Capital Gains Manual

Bare trusts: main principles and effects: example

Mr A dies on 1 June 1990. In his will he leaves to X (who is then aged 14 years) 1,000 shares in P Ltd at a probate value of £850. Because X is a minor, the legal title to the shares is held by the trustees of the will. In this situation, see CG33504, TCGA92/S60 applies and for CGT purposes we disregard the trustees.

On 1 December 1991, the shares are sold for £1,000.

The gain of £150, less indexation, in 1991-92 is charged as a gain of X, see AP140.

The proceeds are reinvested in shares in Q Ltd which appreciate to a market value of £1,600 on 1 May 1994, which is X’s 18th birthday. The trustee then hands over the shares.

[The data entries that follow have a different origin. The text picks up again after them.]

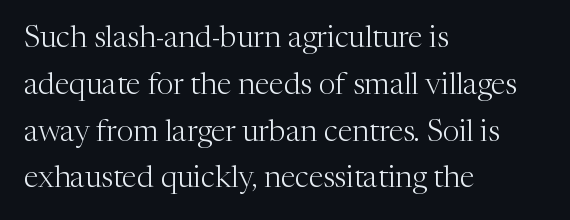
The image shows 30 px light serif type, upright; set left-aligned, normal line spacing (1.56x), normal letter spacing, not underlined; medium stroke contrast and a medium x-height.
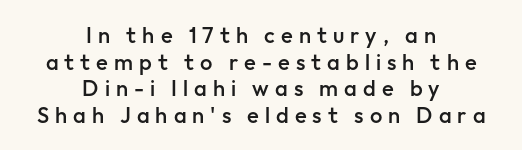
Q: Is the text bold? A: Semi-bold.
Q: Is the text italic (slanted)? A: No, it is upright.
Q: Is the text underlined? A: No.
Q: How is the paragraph aligned? A: Centered.
Q: Is the spacing between letters normal or unusually wide? A: Unusually wide.
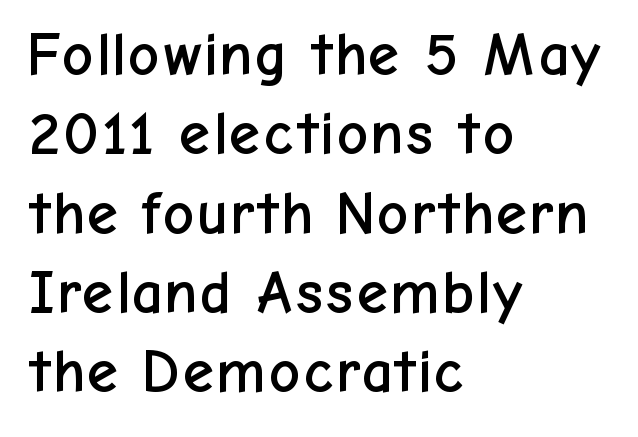
Q: Is the text italic (slanted)? A: No, it is upright.
Q: Is the typeface a serif or a sans-serif typeface? A: Sans-serif.
Q: Is the text underlined? A: No.
Q: How is the paragraph aligned? A: Left-aligned.
Q: Is the spacing between letters normal or unusually wide? A: Normal.
Q: Is the spacing between lines tight, normal or loose? A: Normal.
Q: Width (condensed, normal, or wide)? A: Normal.
Q: Stroke contrast? A: Low.
Q: x-height? A: Medium.
Q: Monospaced? A: No.
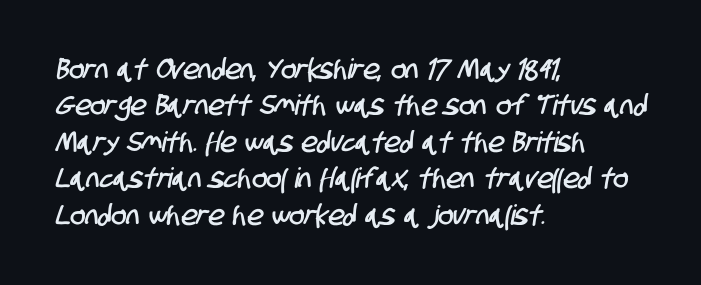
Q: Is the typeface a serif or a sans-serif typeface? A: Sans-serif.
Q: Is the text underlined? A: No.
Q: How is the paragraph aligned? A: Left-aligned.
Q: Is the spacing between letters normal or unusually wide? A: Normal.
Q: Is the spacing between lines tight, normal or loose? A: Normal.
Q: Width (condensed, normal, or wide)? A: Condensed.
Q: Stroke contrast? A: Low.
Q: x-height? A: Large.
Q: Monospaced? A: No.
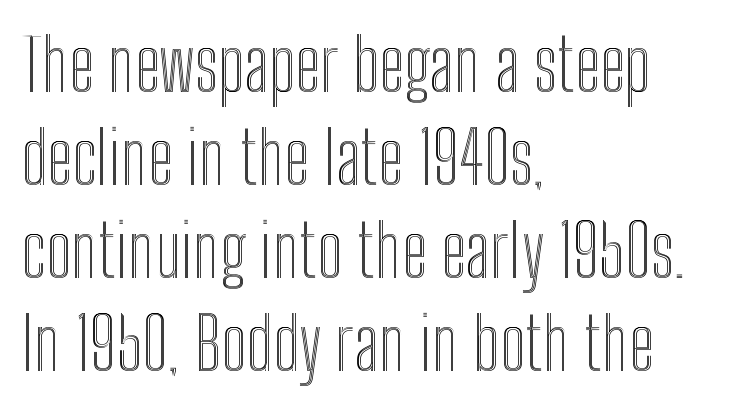
{"italic": "no", "width": "condensed", "x_height": "medium", "monospaced": "no", "underline": "no", "align": "left", "line_spacing": "normal", "line_spacing_ratio": 1.29, "letter_spacing": "normal", "letter_spacing_em": 0.0, "glyph_px": 72}

The transfer of the shares in Q Ltd by the trustee to X is not a `disposal’ but if X himself then immediately sells the shares, the gain will be computed by reference to the acquisition price of £1,000.

NOTE. If a taxpayer is within the charge to Capital Gains Tax, neither indexation allowance nor taper relief apply to disposals of assets on or after 6 April 2008. Previously indexation allowance had been frozen at April 1998. For indexation allowance see CG17207+ and for taper relief see CG17895+.